On Fri, Jan 19, 2001 at 10:52:46AM -0700, Ronald G Minnich wrote:
> On Fri, 19 Jan 2001, Eric Seppanen wrote:
>
> > Another idea: linuxbios, as it starts, stores a magic value somewhere
> > (say, in CMOS ram) that basically says "I'm booting with agressive
> > settings". Then, when linux hits runlevel 3, you have a userspace app go
> > and erase that magic value.
>
> We seem to be in agreement ... I think we're out of email sync :=) See my
> other note on CMOS.
>
> > Then, if a system ever fails to boot with agressive settings, you could
> > simply power-cycle (or reset the box in any way) and when linuxbios boots
> > it can see that the magic value is already present, and knows the previous
> > boot must have failed... therefore it uses the safe settings.
>
> I like this.
>
OK, I didn't see that in your cmos message.

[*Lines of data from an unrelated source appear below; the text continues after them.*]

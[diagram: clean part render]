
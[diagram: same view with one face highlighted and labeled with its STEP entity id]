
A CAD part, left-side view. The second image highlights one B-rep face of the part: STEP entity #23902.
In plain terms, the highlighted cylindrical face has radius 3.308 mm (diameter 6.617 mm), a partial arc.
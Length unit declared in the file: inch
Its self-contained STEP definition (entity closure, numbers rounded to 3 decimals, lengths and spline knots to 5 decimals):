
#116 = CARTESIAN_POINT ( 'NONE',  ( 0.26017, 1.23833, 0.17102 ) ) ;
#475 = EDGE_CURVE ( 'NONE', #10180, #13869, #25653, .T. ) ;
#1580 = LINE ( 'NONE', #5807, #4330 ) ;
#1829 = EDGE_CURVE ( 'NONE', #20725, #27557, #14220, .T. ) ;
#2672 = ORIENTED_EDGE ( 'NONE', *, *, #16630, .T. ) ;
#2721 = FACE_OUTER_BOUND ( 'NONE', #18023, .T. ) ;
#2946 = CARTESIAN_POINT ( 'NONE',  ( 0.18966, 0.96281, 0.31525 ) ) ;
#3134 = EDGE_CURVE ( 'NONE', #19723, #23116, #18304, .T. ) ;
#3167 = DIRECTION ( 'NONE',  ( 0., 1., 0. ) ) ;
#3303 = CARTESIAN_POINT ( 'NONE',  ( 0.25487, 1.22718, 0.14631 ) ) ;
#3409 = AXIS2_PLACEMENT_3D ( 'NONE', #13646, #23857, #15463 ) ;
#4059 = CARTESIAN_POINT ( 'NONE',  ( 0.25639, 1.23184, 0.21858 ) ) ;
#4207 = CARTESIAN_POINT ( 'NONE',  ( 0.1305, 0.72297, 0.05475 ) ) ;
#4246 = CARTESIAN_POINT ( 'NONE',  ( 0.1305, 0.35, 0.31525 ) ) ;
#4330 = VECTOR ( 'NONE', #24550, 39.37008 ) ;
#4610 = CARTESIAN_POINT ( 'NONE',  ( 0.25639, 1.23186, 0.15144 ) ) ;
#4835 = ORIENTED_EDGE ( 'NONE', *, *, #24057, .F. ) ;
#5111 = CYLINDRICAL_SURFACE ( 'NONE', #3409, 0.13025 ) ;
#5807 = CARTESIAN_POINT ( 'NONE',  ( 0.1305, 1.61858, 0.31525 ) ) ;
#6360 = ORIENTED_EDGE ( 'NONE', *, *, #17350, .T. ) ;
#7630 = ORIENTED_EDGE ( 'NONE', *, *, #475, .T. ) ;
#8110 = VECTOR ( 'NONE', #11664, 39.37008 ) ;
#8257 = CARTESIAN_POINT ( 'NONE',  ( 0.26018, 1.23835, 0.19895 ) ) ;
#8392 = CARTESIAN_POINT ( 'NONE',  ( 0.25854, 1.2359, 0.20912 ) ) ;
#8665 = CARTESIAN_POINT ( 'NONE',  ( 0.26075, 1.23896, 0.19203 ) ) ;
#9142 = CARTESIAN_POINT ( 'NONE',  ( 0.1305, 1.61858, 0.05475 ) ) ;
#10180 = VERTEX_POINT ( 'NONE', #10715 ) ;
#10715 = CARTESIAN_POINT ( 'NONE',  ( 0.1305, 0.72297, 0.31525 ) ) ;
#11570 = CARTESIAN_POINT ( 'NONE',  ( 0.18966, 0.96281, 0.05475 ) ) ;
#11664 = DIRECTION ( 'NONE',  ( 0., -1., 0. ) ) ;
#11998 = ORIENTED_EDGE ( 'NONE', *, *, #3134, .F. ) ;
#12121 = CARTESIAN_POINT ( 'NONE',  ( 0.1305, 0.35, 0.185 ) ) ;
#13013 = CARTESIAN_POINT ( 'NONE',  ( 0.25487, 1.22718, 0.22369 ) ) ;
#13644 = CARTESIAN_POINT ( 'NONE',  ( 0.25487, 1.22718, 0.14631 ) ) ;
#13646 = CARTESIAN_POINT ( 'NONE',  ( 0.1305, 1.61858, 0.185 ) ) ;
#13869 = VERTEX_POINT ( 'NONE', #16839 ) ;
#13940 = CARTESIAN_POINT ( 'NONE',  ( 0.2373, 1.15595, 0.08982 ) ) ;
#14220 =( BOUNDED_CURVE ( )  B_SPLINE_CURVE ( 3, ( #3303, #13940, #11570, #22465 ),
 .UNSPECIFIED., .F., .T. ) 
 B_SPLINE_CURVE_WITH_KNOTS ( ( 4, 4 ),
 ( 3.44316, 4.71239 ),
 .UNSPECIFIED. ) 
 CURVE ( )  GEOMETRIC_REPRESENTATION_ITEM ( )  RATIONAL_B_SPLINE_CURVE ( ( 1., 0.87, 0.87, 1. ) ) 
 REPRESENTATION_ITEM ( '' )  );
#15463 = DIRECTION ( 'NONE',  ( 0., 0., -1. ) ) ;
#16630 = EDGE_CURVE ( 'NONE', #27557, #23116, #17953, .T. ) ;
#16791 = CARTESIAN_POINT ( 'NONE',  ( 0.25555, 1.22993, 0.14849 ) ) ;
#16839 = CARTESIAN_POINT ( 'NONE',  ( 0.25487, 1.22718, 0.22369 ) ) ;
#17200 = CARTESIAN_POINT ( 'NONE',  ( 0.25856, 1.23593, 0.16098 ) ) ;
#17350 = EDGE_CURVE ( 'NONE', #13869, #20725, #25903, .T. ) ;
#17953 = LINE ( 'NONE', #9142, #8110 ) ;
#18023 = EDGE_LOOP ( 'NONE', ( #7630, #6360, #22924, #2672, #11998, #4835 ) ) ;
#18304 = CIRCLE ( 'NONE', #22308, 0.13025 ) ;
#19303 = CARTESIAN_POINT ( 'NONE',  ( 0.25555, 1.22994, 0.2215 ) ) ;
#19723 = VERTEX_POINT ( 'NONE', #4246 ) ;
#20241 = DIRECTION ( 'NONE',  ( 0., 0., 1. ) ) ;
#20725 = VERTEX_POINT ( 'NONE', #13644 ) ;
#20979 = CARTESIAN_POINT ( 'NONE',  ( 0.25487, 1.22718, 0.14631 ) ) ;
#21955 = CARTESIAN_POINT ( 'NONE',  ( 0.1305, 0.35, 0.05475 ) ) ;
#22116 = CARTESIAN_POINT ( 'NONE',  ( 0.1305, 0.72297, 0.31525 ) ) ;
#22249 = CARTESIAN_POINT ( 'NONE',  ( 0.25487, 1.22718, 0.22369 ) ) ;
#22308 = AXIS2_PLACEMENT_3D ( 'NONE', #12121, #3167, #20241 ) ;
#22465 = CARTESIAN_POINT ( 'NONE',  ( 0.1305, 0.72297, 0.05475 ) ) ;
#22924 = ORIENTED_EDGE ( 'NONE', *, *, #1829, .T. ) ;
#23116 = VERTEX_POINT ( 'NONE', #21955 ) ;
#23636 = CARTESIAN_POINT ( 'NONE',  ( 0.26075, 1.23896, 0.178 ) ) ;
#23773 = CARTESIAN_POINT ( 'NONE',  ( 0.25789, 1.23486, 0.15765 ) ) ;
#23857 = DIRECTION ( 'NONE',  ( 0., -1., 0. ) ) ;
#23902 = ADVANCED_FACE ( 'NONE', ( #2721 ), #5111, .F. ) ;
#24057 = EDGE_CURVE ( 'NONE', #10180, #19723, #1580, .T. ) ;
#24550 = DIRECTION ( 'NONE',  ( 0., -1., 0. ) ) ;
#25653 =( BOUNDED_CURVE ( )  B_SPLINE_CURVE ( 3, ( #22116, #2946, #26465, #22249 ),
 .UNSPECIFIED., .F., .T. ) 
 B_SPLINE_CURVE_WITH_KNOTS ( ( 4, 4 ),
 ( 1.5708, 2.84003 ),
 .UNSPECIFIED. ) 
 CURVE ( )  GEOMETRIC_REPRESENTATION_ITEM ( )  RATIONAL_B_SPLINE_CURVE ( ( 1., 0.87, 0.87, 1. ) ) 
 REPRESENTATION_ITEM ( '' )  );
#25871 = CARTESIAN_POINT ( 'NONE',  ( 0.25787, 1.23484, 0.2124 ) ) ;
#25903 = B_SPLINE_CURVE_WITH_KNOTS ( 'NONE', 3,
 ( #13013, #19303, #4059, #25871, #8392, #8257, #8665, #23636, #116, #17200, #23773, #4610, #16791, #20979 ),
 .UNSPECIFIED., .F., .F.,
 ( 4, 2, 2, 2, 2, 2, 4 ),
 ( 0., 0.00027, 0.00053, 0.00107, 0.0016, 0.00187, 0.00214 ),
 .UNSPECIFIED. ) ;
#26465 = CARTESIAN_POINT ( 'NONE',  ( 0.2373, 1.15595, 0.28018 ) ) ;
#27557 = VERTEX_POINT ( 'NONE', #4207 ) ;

Basically, I'm not against fail-safe booting under network control, but I
don't see the value in changing basic architectures to accomodate it (like
changing settings from userspace).
The "magic value in cmos" idea seems *much* more appealing to me, since
very little userspace work is required, and because it avoids the scary
fiddling of settings in a running system.
If you really want to be friendly to bare-bones embedded or thin-client
systems, you could even make the fail-safe vs. agressive stuff able to be
compiled out, because it's conceivable that an embedded board might not
have battery-backed cmos ram-- I don't.